[[ Exercise material, beginning ]]

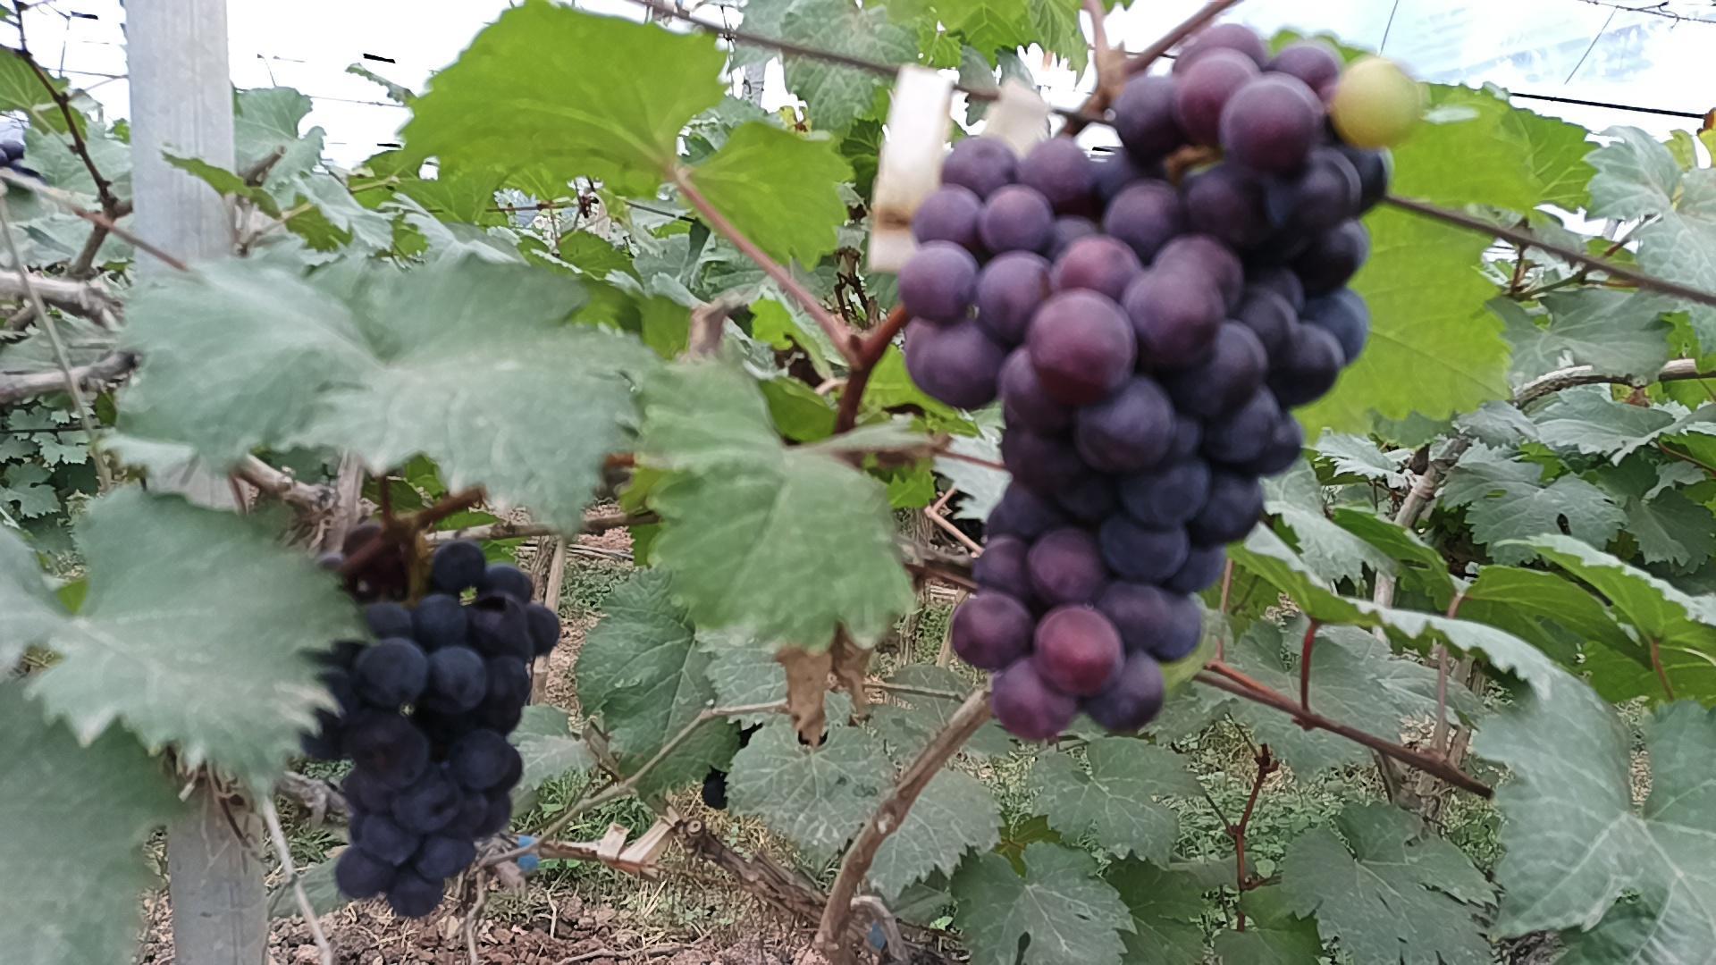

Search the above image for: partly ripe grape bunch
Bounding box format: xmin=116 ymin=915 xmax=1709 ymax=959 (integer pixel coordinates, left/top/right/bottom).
xmin=902 ymin=24 xmax=1425 ymax=738
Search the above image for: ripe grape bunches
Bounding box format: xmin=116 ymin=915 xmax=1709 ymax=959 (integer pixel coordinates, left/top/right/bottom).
xmin=304 ymin=521 xmax=558 ymax=916
xmin=698 ymin=768 xmax=728 ymax=810
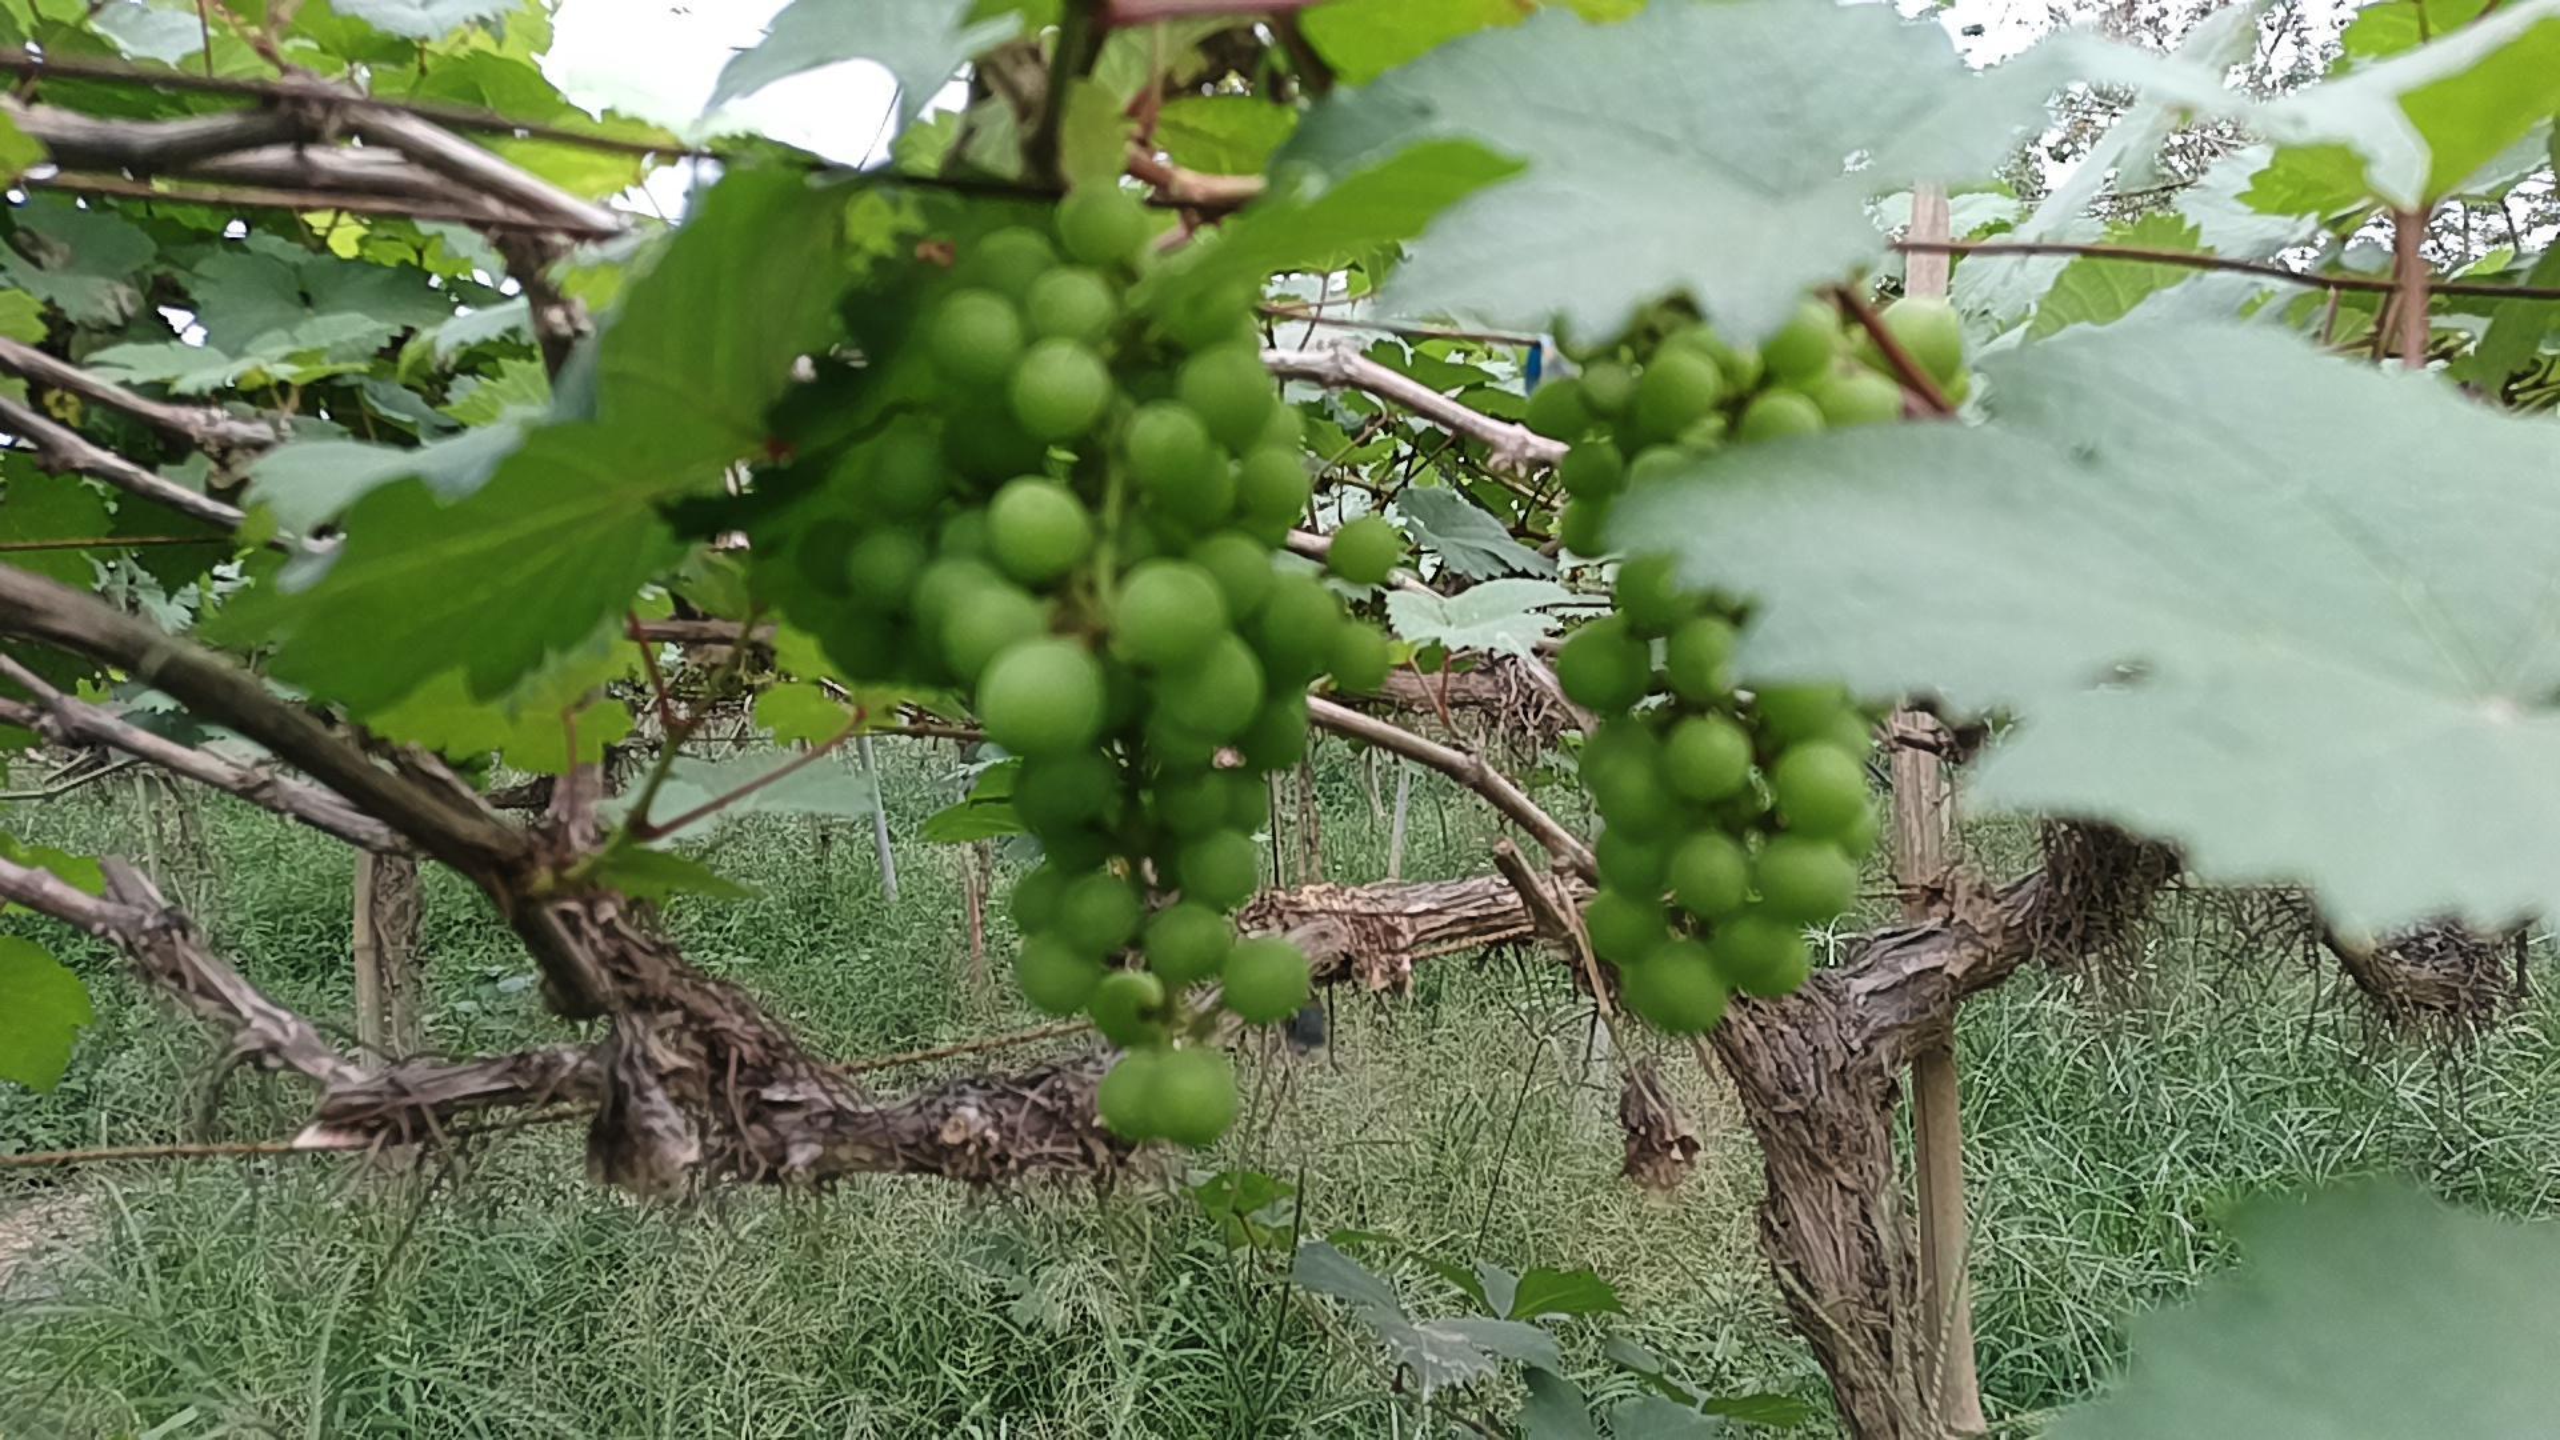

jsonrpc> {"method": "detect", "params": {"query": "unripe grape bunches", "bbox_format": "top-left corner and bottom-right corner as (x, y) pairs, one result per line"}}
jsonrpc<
(801, 188), (1400, 1144)
(1525, 295), (1968, 1032)

[[ Exercise material, end ]]

## Aim of the exercise
Return an exact copy of the data above, apart from any pictures.

## Solution for this task
Search the above image for: partly ripe grape bunch
Bounding box format: xmin=116 ymin=915 xmax=1709 ymax=959 (integer pixel coordinates, left/top/right/bottom).
xmin=902 ymin=24 xmax=1425 ymax=738
Search the above image for: ripe grape bunches
Bounding box format: xmin=116 ymin=915 xmax=1709 ymax=959 (integer pixel coordinates, left/top/right/bottom).
xmin=304 ymin=521 xmax=558 ymax=916
xmin=698 ymin=768 xmax=728 ymax=810

jsonrpc> {"method": "detect", "params": {"query": "unripe grape bunches", "bbox_format": "top-left corner and bottom-right corner as (x, y) pairs, one result per line"}}
jsonrpc<
(801, 188), (1400, 1144)
(1525, 295), (1968, 1032)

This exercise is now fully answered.